Viktor Orban votes in the referendum on migrant quotas. Szilard Koszticsak/EPA

Second, the debate in Brussels and across Europe’s capitals has already moved beyond mandatory quotas. The European Commission has actually shown surprising willingness to negotiate on the issue.

From conversations I’ve had in Brussels, it appears the commission has been silently dropping the “mandatory” aspect of the relocation quotas, while proposing more flexible forms of solidarity between the member states, including providing financial support for the maintenance of refugees in other EU states or lowering the quota numbers. Even the commission president, Jean-Claude Juncker, recently stated that solidarity must be given voluntarily, rather than being uniformly imposed from Brussels. To this end, in the wake of the referendum, the commission has tried to “appease” Hungary, increasing European Investment Fund support for small Hungarian rural firms by €160m.

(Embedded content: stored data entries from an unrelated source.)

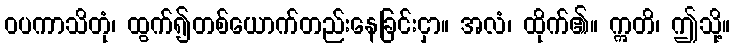
ဝပကာသိတုံ၊ ထွက်၍တစ်ယောက်တည်းနေခြင်းငှာ။ အလံ၊ ထိုက်၏။ ဣတိ၊ ဤသို့။
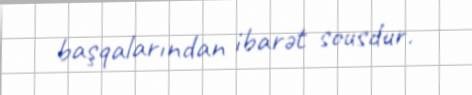
başqalarından ibarət sousdur.
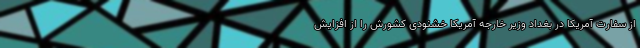
از سفارت آمریکا در بغداد وزیر خارجه آمریکا خشنودی کشورش را از افزایش
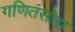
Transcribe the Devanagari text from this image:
गणितसोरा
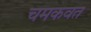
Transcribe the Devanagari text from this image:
चमकवत
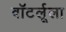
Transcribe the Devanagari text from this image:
वॉटर्लूला
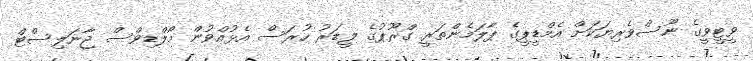
ވީޓީވީގެ ނޫސްވެރިޔަކަށް އެމްޑީޕީގެ ޕާލަމެންތަރީ ގްރޫޕުގެ ލީޑަރު ހުރަސް އެޅުއްވުން މޯލްޑިވްސް ޖާނަލިސްޓް
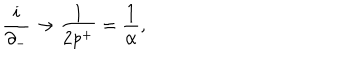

Poland and Hungary on their own

But petty cash is hardly sufficient for Orban, nor is he willing to negotiate. Formerly a staunch liberal, he has become a crusader for a new form of Europe based on, in his own words, a “system of national cooperation” – in contrast to a more federalist view of Europe. Orban positions himself as a defender of Christendom, protecting its borders against foreign invaders, much as the Hungarian kings of the 16th and 17th century did against the Ottomans.

It is a mythical image, but one that also has the ears of Jaroslaw Kaczynski, the grey cardinal of Polish politics who is chairman of its ruling Law and Justice party. In the eyes of both men, Europe’s Brussels-centric liberal era is over, and it’s time gravity was shifted back to European capitals. This conveniently ignores the fact that in Brussels it is essentially the member states that ultimately call the shots, not the supranational European Commission.

Orban’s and Kaczynski’s “cultural counter-revolution” is more defined by what it stands against, than what it stands for. Ultimately, it is battling against two Bs: Brussels and Berlin. Falsely or not, in their eyes, Brussels represents “an ever closer union” that may one day lead to a federal EU that will eat away the sovereignty of its member states. Berlin, on the other hand, means Merkel to Orban (his staunch critic and one blamed for the migration crisis) and Germany to Kaczynski – Poland’s old nemesis whose tremendous economic power he ultimately fears. So Merkel’s open-door policy on refugees and calls for solidarity and burden-sharing among member states merely made the mandatory quotas a perfect target for these two reactionaries.

Visegrad grumbles

Such world views do not sit comfortably with the other two members of the Visegrad Group: the Czech Republic and Slovakia. While all four countries voted against the mandatory quotas in the Council of Ministers, and both Prague and Bratislava criticised the proposals, they trod a much more careful line. For example, while the Slovak prime minister, Robert Fico, was very quick to tell a domestic audience that Slovakia was no place for Muslims, the country is silently implementing voluntary relocation for refugees. Given that the current Slovak EU presidency sought European unity of action as one of its top priorities, the Hungarian referendum is merely an additional headache rather than an opportunity.

This means that while Hungary’s referendum may have a wider raison d’etre, it does nevertheless also have more indirect consequences. By holding the referendum, Orban narrowed the parameters for dialogue on possible alternatives for how to relocate refugees. The referendum will merely add further divisions to an already fractured EU.

So in terms of providing an instrument for Orban’s counter-revolution, the referendum has succeeded. Rather than a humiliating defeat, it ensures that the spectre of Orban will haunt Europe for years to come.